Perfect Codes

An interactive tour of Chapter 1 of David Mackay, Information Theory.

A picture is worth 1728 bits

For this demonstration, we need a list of bits. Following Mackay, we choose one that represents an image. We pick a 72x24 image of what should perhaps really be called the Hubbard or Douady set:

-- Based on https://sametwice.com/4_line_mandelbrot.
prec :: Int
prec = 16384
infixl 7 #
x # y = x * y `div` prec
sqAdd (x, y) (a, b) = (a#a - b#b + x, 2*(a#b) + y)
norm (x, y) = x#x + y#y
douady p = null . dropWhile (\z -> norm z < 4*prec) . take 30 $
  iterate (sqAdd p) (0, 0)
orig = [fromEnum $ douady (616*x - 2*prec, 1502*y - 18022)
  | y <- [0..23], x <- [0..71]]

chunksOf i ls = map (take i) (go ls) where
  go [] = []
  go l  = l : go (drop i l)
putPic = putStr . unlines . map (concatMap show) . chunksOf 72

putPic orig

Make some noise

Imagine the above image was taken by a deep space satellite and sent back to Earth. The signal suffers greatly from interference due to the vast distance, which we simulate with the help of a PCG pseudo-random number generator:

data PCG = PCG Word64 Word64
pcg a b = PCG (a + b') b' where b' = 2*b + 1

next :: PCG -> (Word, PCG)
next (PCG x inc) = (r, PCG x' inc) where
  x' = 6364136223846793005*x + inc
  r = (fromIntegral (x `xor` (x `shiftR` 18) `shiftR` 27) :: Word) `rotateR` (fromIntegral $ x `shiftR` 59)

fromPCG p = map (fromIntegral . fst) $ tail $ iterate (next . snd) (undefined, p)

rnds = tail $ fromPCG $ pcg 42 54

take 10 rnds

We use the list of generated numbers to disrupt communication. Our model is a binary symmetric channel: the following noise function generates a list of bits, each of which is one with probability f. Zero means we leave the corresponding bit in the signal alone, otherwise we flip it.

noise f = map (\x -> fromEnum $ fromIntegral (x `mod` 32768) <= f * 32768)

take 20 $ noise 0.1 rnds

Thus if about one-tenth of the bits are flipped, we might see:

(#+) = zipWith $ (fromEnum .) . (/=)
send msg f = msg #+ noise f rnds

putPic $ send orig 0.1

Replace 0.1 with 0.4 and run the code again (press Ctrl + Enter or click the play button), and the image is almost unrecognizable.
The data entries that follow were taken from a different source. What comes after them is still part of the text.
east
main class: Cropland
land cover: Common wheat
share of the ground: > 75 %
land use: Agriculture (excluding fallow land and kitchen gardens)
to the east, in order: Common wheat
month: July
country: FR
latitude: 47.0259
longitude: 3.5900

Increasing f to 0.5 produces pure noise, as any received bit has the same chance of representing 0 or 1. As f increases further and approaches 1, the image becomes clearer, except we now see the dual image where every bit is flipped.
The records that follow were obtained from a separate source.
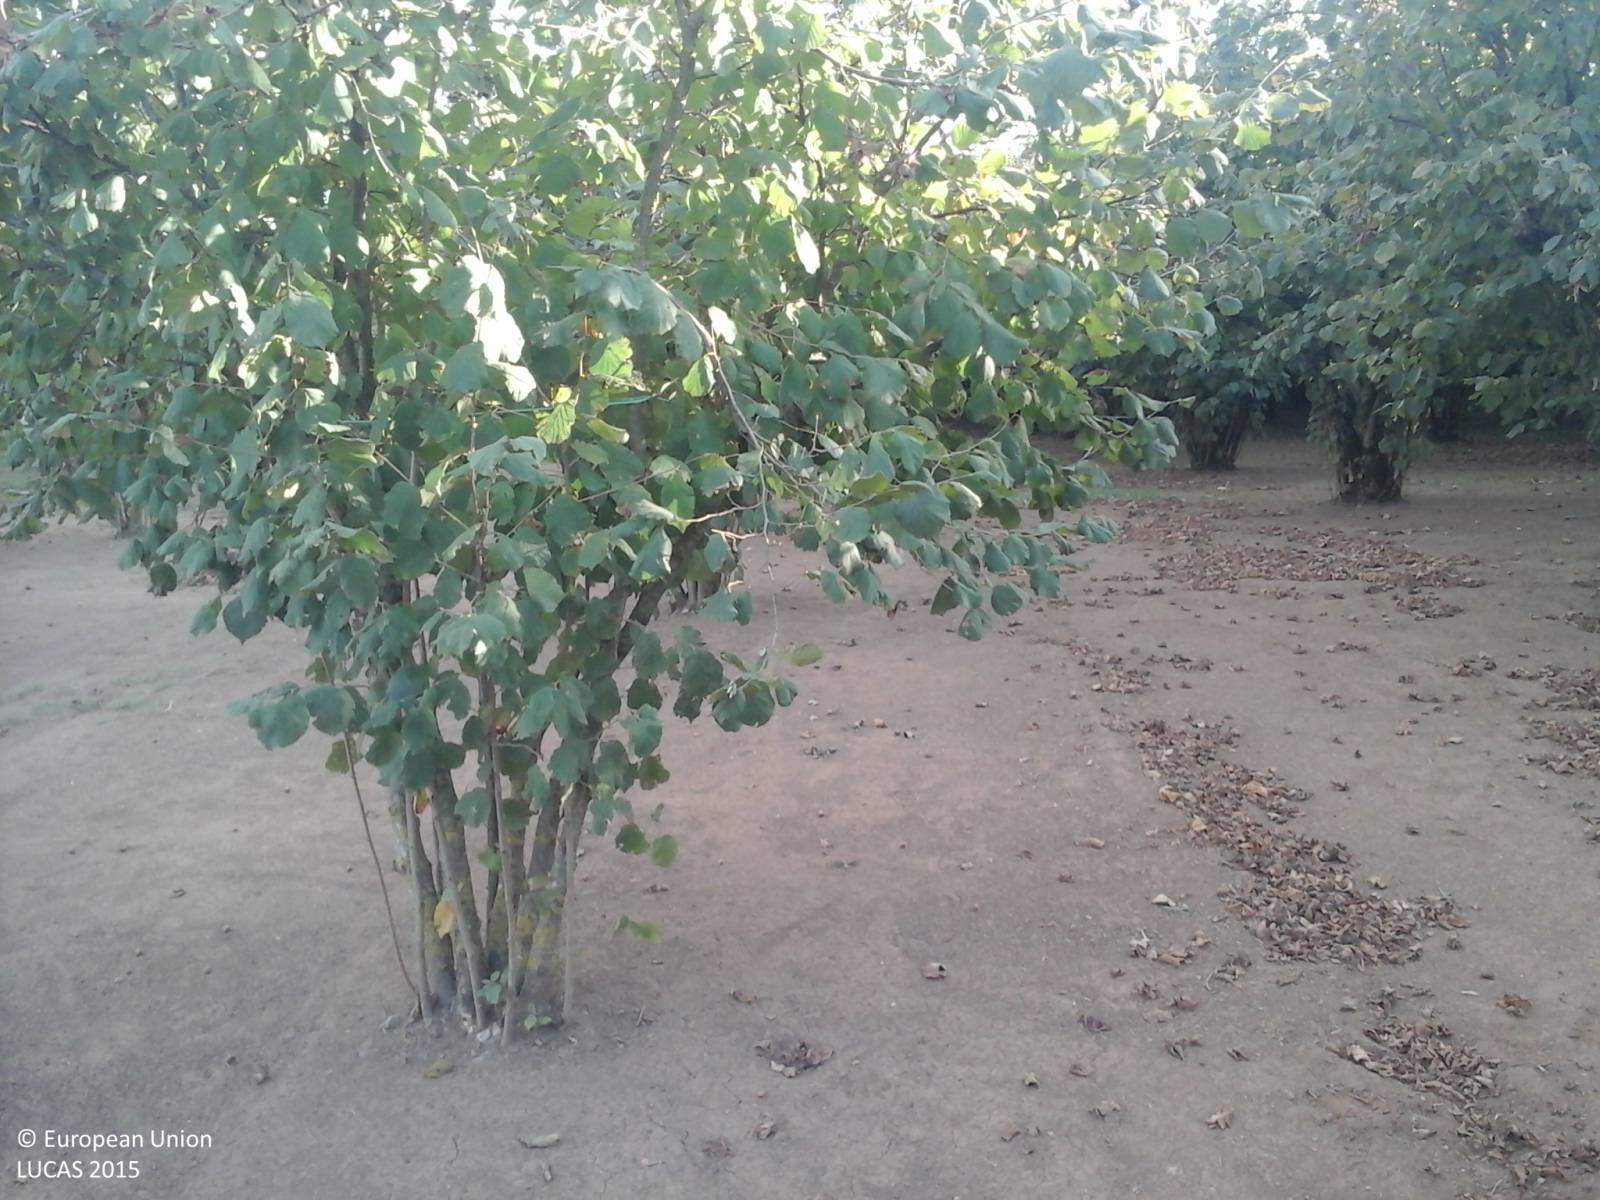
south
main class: Cropland
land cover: Nuts trees
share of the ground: > 75 %
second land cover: Other bare soil
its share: > 75 %
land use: Agriculture (excluding fallow land and kitchen gardens)
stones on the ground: < 10 %
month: September
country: IT
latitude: 42.3927
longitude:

This last observation reminds me of those logic puzzles where one person always lies. A reliably unreliable source is as useful as a truthteller: just pretend they have a habit of adding "…NOT!" at the end of every utterance.

Majority rules

How can we deal with noise? What’s the first solution that comes to mind?

Restaurants solve this problem by repeating your order to confirm. However, this brings to mind Segal’s Law: if one copy says 0, and the other says 1, which is correct? In a restaurant, the customer can immediately reply to disambiguate, but in general, round trip communication can be expensive or impossible. For us, error detection is insufficient: we want error correction.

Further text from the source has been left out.